Final Inspection & Completion
On completion, we arrange final inspection and draw-down. Your loan converts to a standard home loan and you move in.
Eligibility at a glance
Eligibility varies by lender. Don't let these criteria put you off: we often find solutions that aren't obvious upfront.
- Fixed-price building contract from a registered builder
- Council-approved building plans
- Standard eligibility criteria (income, deposit, credit history)
- Land ownership or purchase simultaneous with construction
- 10–20% deposit (some lenders allow 5% with LMI)
- Property must be intended as residential dwelling
Common questions
Do I pay the full loan amount upfront during construction?
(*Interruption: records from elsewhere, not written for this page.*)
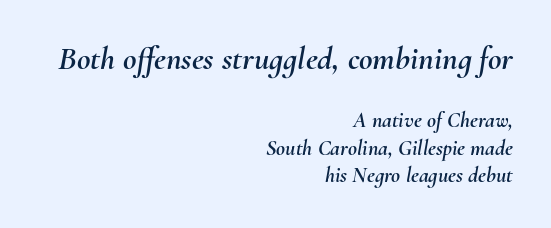
This sample is right-justified, so line beginnings fall wherever the words allow. Is this a fixed-width face? No — the glyphs have proportional, varying widths. Here the first block reads like a headline and the second like body copy. This block has exactly the height ordinary leading produces. Glyph-to-glyph distance matches everyday printed text. The area under the type is left untouched.
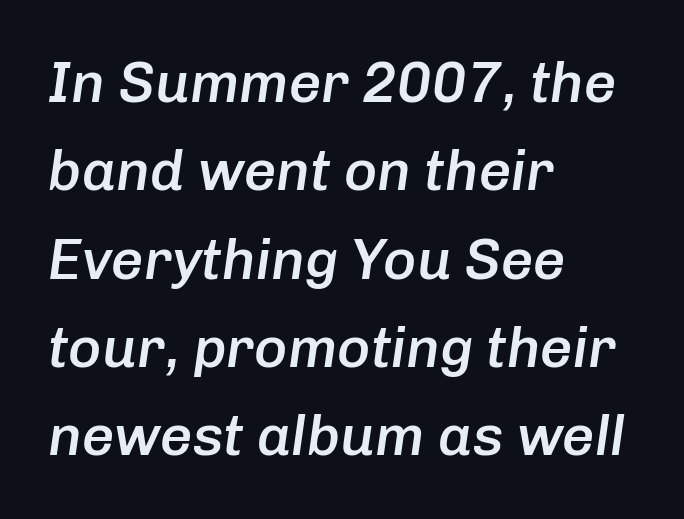
{"italic": "yes", "lean": "right", "slant_degrees": 8, "bold": "semi", "weight": "semibold", "width": "normal", "stroke_contrast": "low", "x_height": "medium", "monospaced": "no", "underline": "no", "align": "left", "line_spacing": "normal", "line_spacing_ratio": 1.55, "letter_spacing": "normal", "letter_spacing_em": 0.0, "glyph_px": 57}
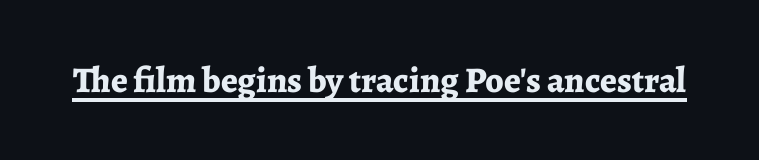
The face used here has the dense, thick strokes of a bold. Font category for this specimen: serif. A typesetter would mark this as roman, not italic. Nobody touched the tracking dial on this one. Underline: present.
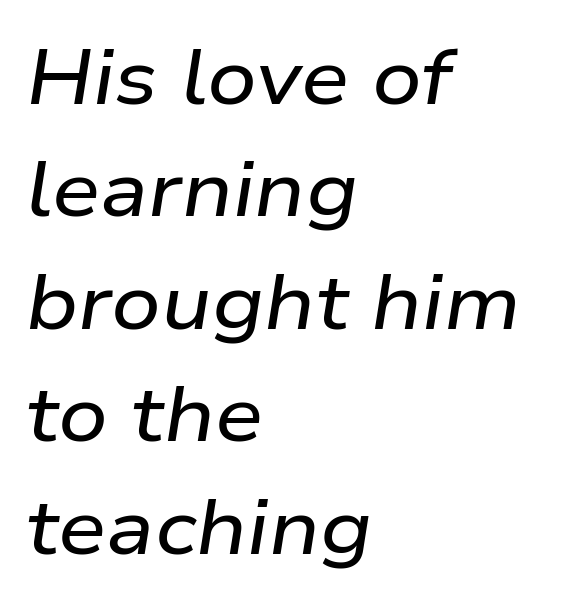
It's the slanting kind of type. The horizontal fit of the characters is conventional and even. The rag falls on the right side of this text block. Underline: absent. The vertical gap from one line to the next is medium. Looks like regular typesetting: each glyph gets only the width it needs.
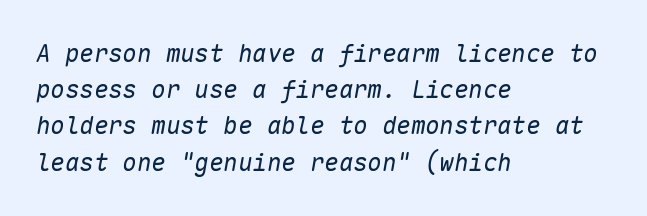
Q: Is the text bold? A: No.
Q: Is the text italic (slanted)? A: Yes, it leans right by about 10 degrees.
Q: Is the text underlined? A: No.
Q: How is the paragraph aligned? A: Left-aligned.
Q: Is the spacing between letters normal or unusually wide? A: Normal.
Q: Is the spacing between lines tight, normal or loose? A: Normal.
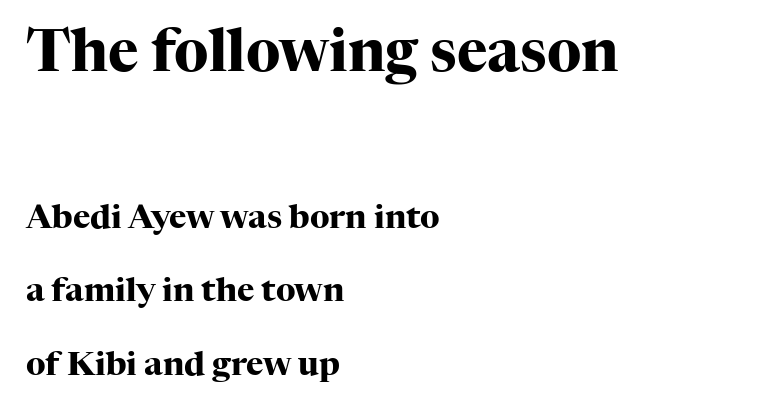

No. A construction loan is drawn down in stages as building progresses: typically slab, frame, lock-up, fixing, and completion. You only pay interest on what's been drawn, which keeps your costs manageable during the build.
Can first home buyers use a construction loan?
Absolutely. In fact, building a new home can be one of the best options for first home buyers because new builds are typically eligible for the First Home Owner Grant ($30,000 in QLD). House-and-land packages are popular precisely for this reason.
What if the build goes over budget?
This is why a fixed-price contract is so important. If costs exceed the approved loan amount, you may need to fund the difference yourself. We review your building contract carefully and include a contingency discussion in our initial planning.